Page 24 of Light of the World


  “She’s a guest.”

  “I know she’s a guest. What’s her story?”

  “How the fuck should I know?” the clerk replied.

  “I can see this is a class joint, the kind that protects its guests’ privacy. You accept food stamps?”

  “I can give you a break on a coupon from Screw magazine,” the clerk said. “You got to provide your own sheets, though.”

  “You’re a funny guy. That boner fills out your pants nicely. Enjoy your movie.” Zappa left the office and got ten steps down the sidewalk, then turned around and went back. “I’m gonna ask you this once, and I don’t want a smart-ass answer. Is the girl in room nine by herself?”

  “She came in by herself.”

  “That’s not what I asked you.”

  “It’s a single. On Sunday nights, it’s twenty dollars. For two people, it’s thirty dollars. She paid twenty dollars.”

  “Are you retarded?
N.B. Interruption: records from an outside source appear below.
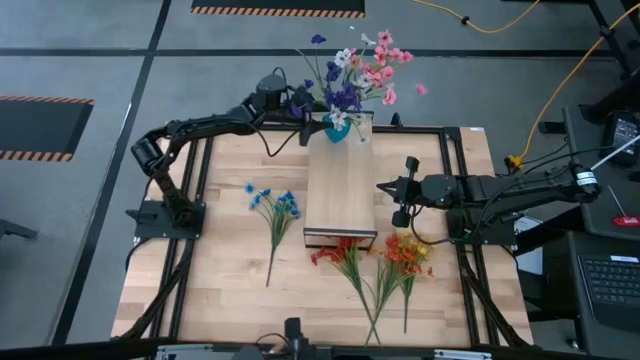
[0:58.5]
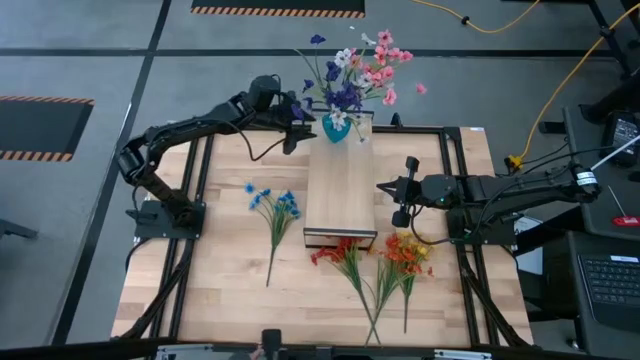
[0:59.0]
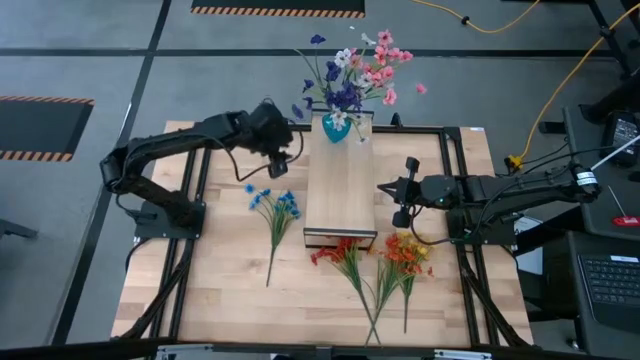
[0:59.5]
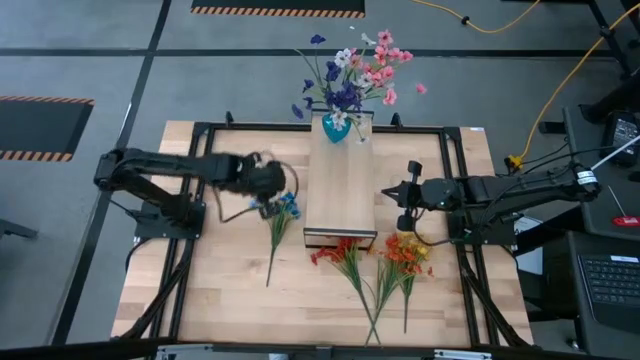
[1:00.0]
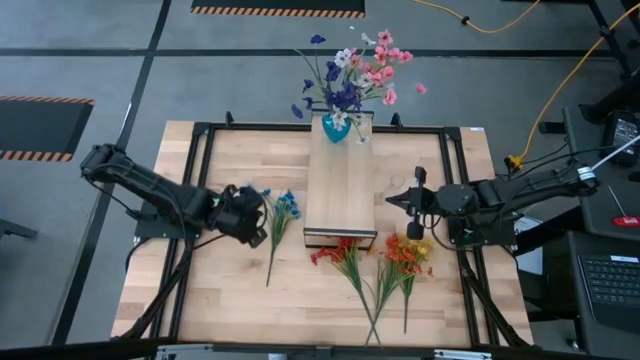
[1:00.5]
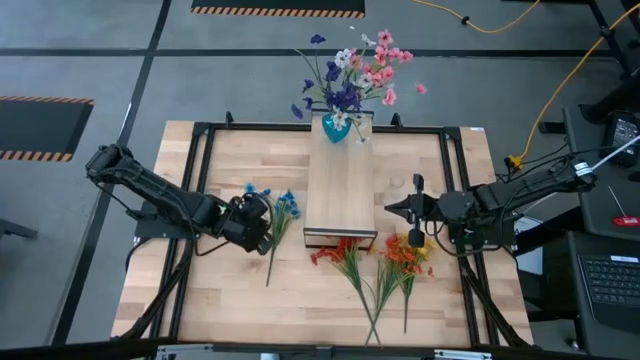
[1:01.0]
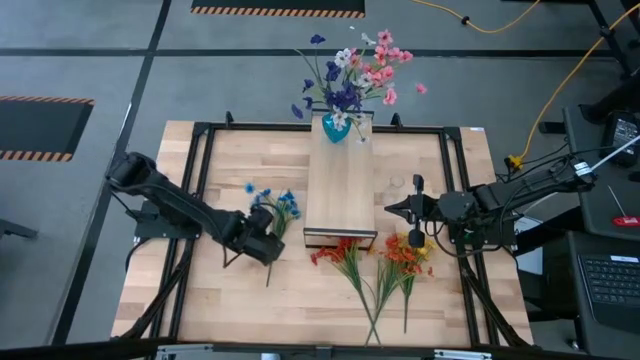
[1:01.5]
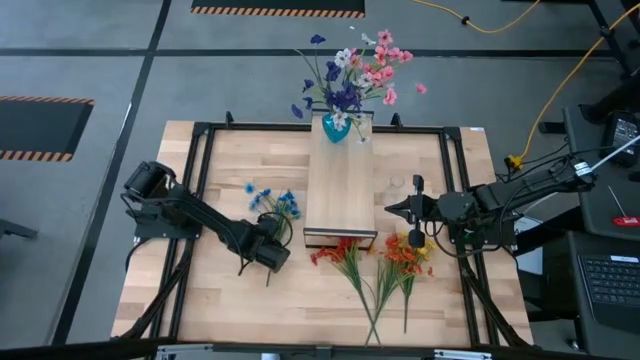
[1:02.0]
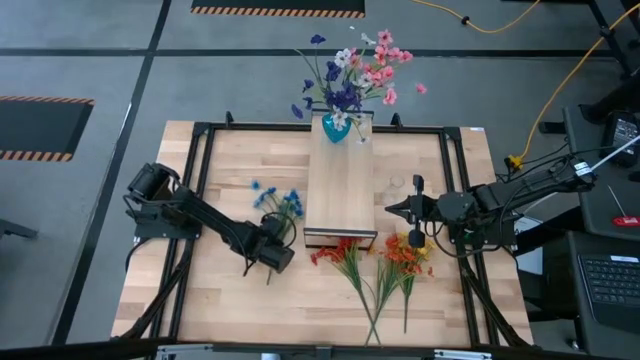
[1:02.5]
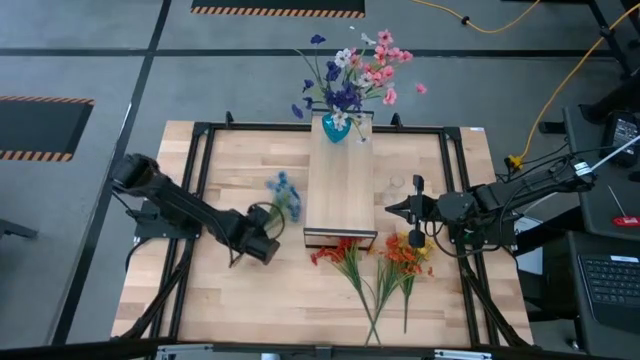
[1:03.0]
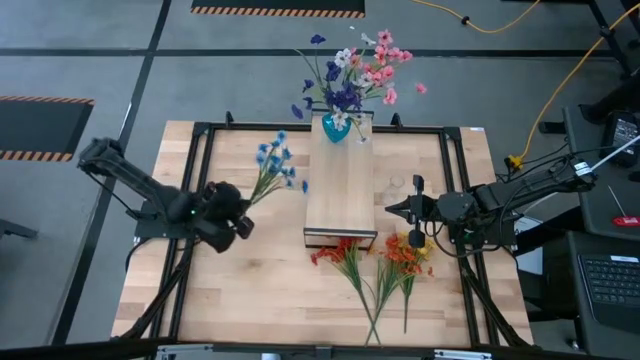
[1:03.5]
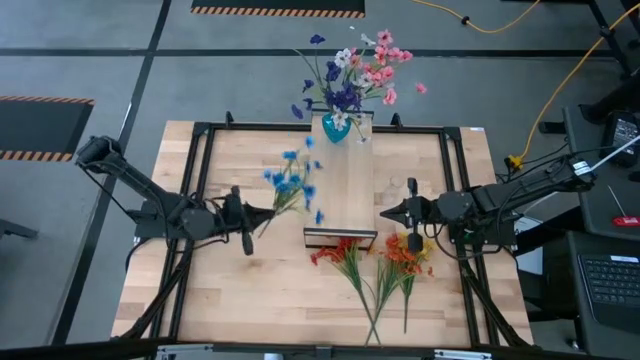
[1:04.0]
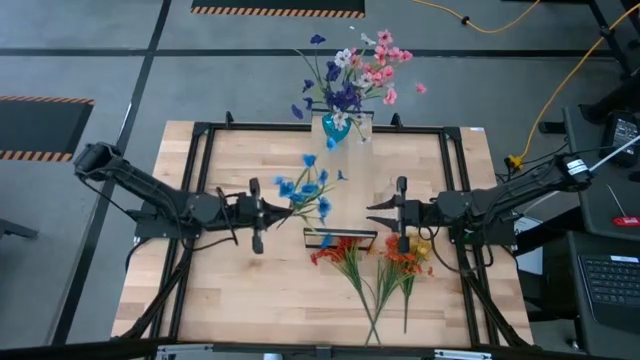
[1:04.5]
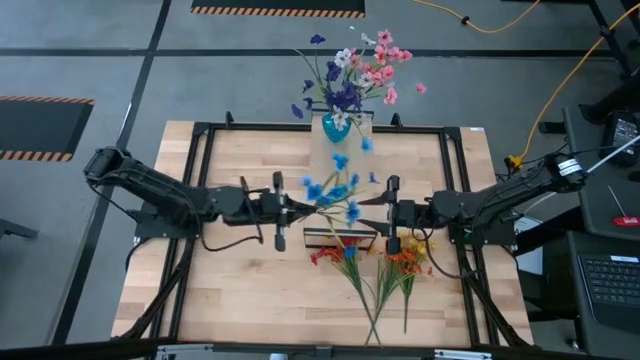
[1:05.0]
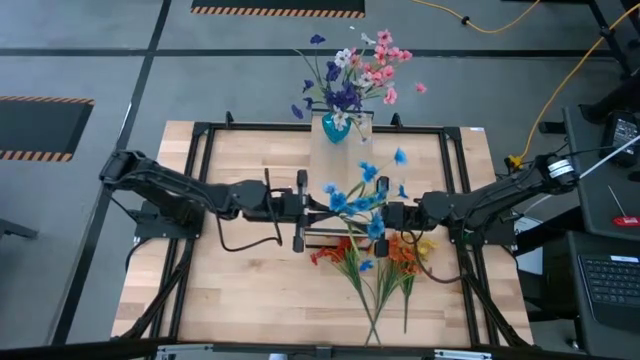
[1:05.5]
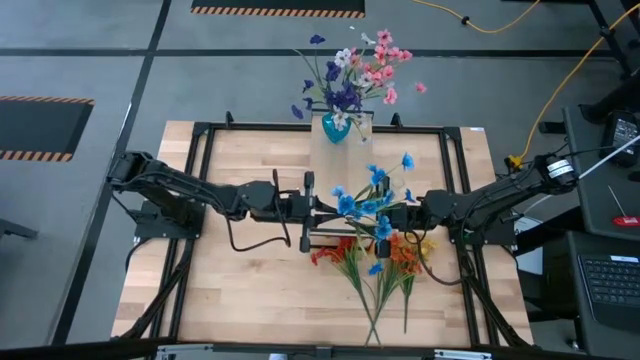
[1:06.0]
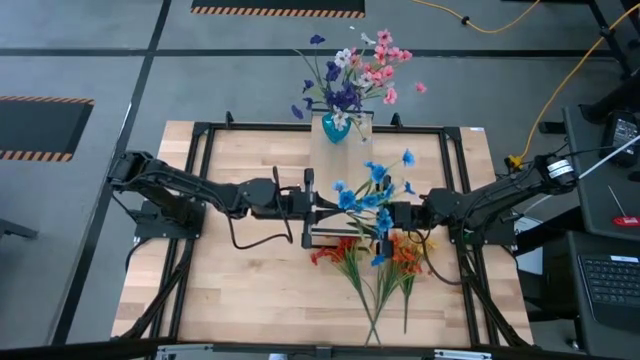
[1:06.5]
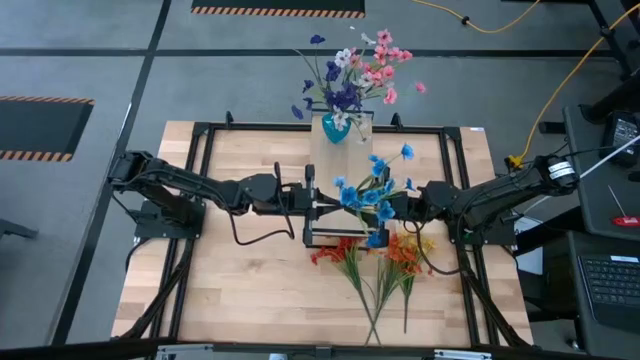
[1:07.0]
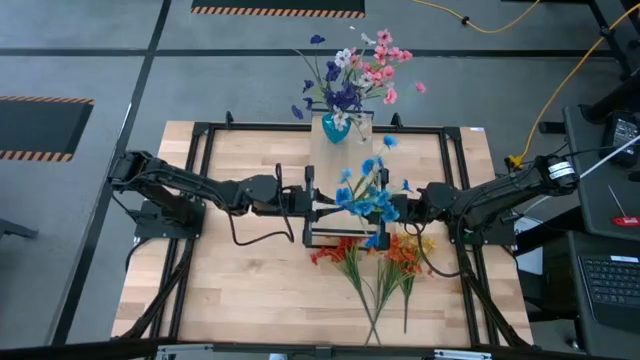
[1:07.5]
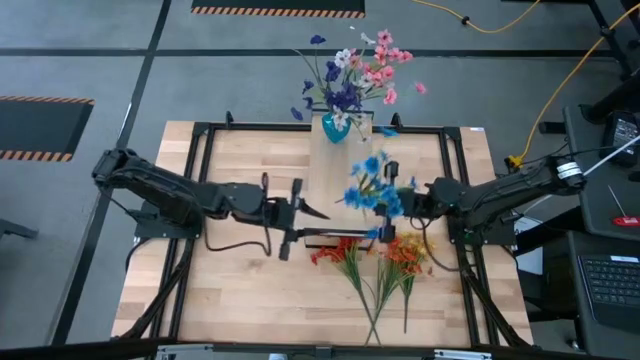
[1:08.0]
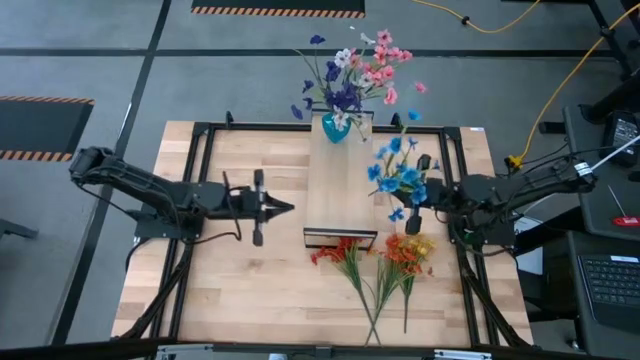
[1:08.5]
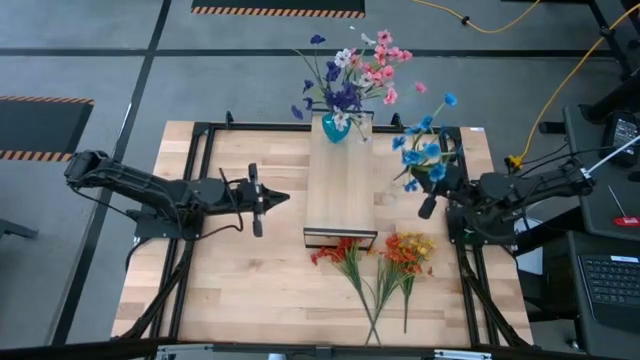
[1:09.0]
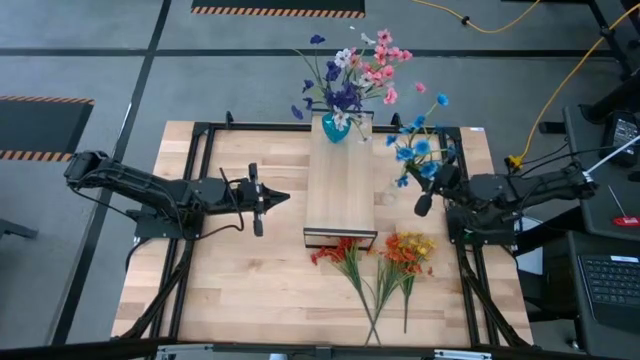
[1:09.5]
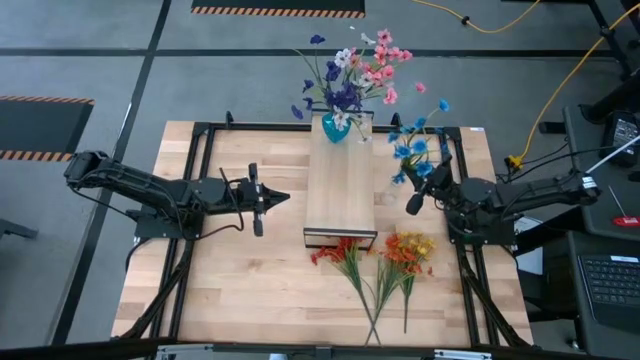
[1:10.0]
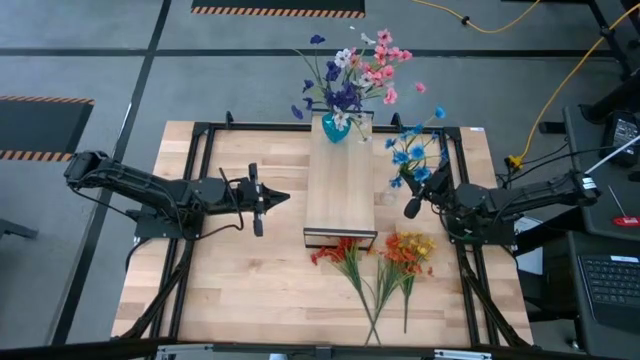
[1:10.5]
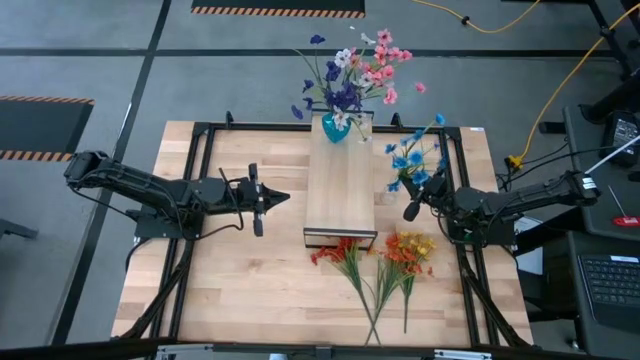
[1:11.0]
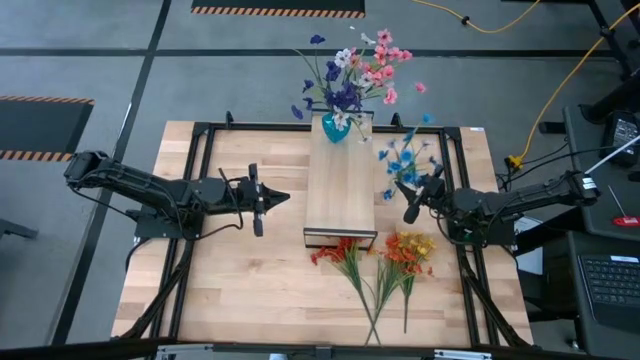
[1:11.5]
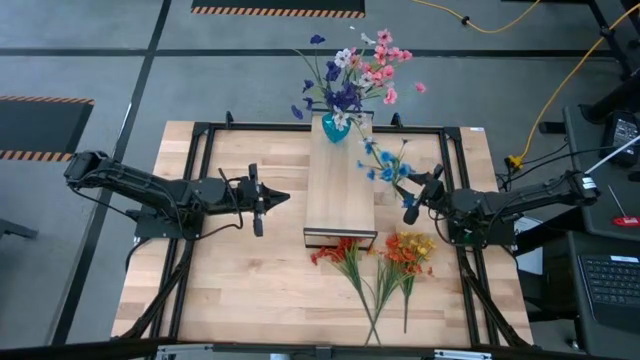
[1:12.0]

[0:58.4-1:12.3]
Task: Pick and place flowers into a vace then onto a shelf
Put the blue flowers into the transparent vase

Answer my question. You see anybody else hanging around? A cowboy, maybe?”

  “We have three kinds of guests here: shitkickers, drunk Indians, and street people. The street people pool their money and send one person in, usually a woman. The Indians drink on the balcony and puke over the rail on the cars down below. Most of the street people were kicked out of detox.”
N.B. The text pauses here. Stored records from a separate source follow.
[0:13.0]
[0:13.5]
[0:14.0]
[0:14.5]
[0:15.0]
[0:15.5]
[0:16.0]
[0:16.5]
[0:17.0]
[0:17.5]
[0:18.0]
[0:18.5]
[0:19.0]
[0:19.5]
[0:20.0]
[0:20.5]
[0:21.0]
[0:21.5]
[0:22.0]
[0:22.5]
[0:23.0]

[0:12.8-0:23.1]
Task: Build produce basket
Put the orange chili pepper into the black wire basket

  “I didn’t ask for all that information. Did you see a shitkicker in her room? A guy with a white straw hat?”

  “No.”

  “If you’re lying to me, I’ll be back.”

  “Go fuck yourself, man.”

  “Tell you what. I’ll be back whether you’re lying or not.”
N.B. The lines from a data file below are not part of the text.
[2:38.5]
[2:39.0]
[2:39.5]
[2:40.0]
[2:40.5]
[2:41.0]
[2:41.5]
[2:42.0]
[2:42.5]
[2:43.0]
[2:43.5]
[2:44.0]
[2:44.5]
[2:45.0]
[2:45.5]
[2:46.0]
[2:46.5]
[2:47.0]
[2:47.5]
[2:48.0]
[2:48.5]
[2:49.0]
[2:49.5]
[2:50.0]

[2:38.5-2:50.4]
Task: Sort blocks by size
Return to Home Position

  Zappa went back down the sidewalk to room nine and twisted the doorknob. The door swung back slowly across the carpet. He could hear the shower running in the background. “All right if I come in?” he said, his eyes searching the room. “Can you hear me? I’m coming inside. Don’t come out without a towel around you.” The bathroom door was ajar, and the water was drumming loudly on the tin sides of the stall. “Hey, I’m inside now. I’m closing the door. I got a little weed. You mind?”

  No answer.

  He turned in a circle, letting his eyes adjust to the poor light and the shadows the neon sign outside created through the curtains. There was nobody else in the room. He pulled a Ziploc bag from his coat and sat down in a chair by the bed and rolled a joint and lit it, ignoring the NO SMOKING sign above the doorway. He stood up and faced the bathroom, holding down the hit, releasing it incrementally, feeling a great calm take hold in his chest for the first time that day. “What are you doing in there?”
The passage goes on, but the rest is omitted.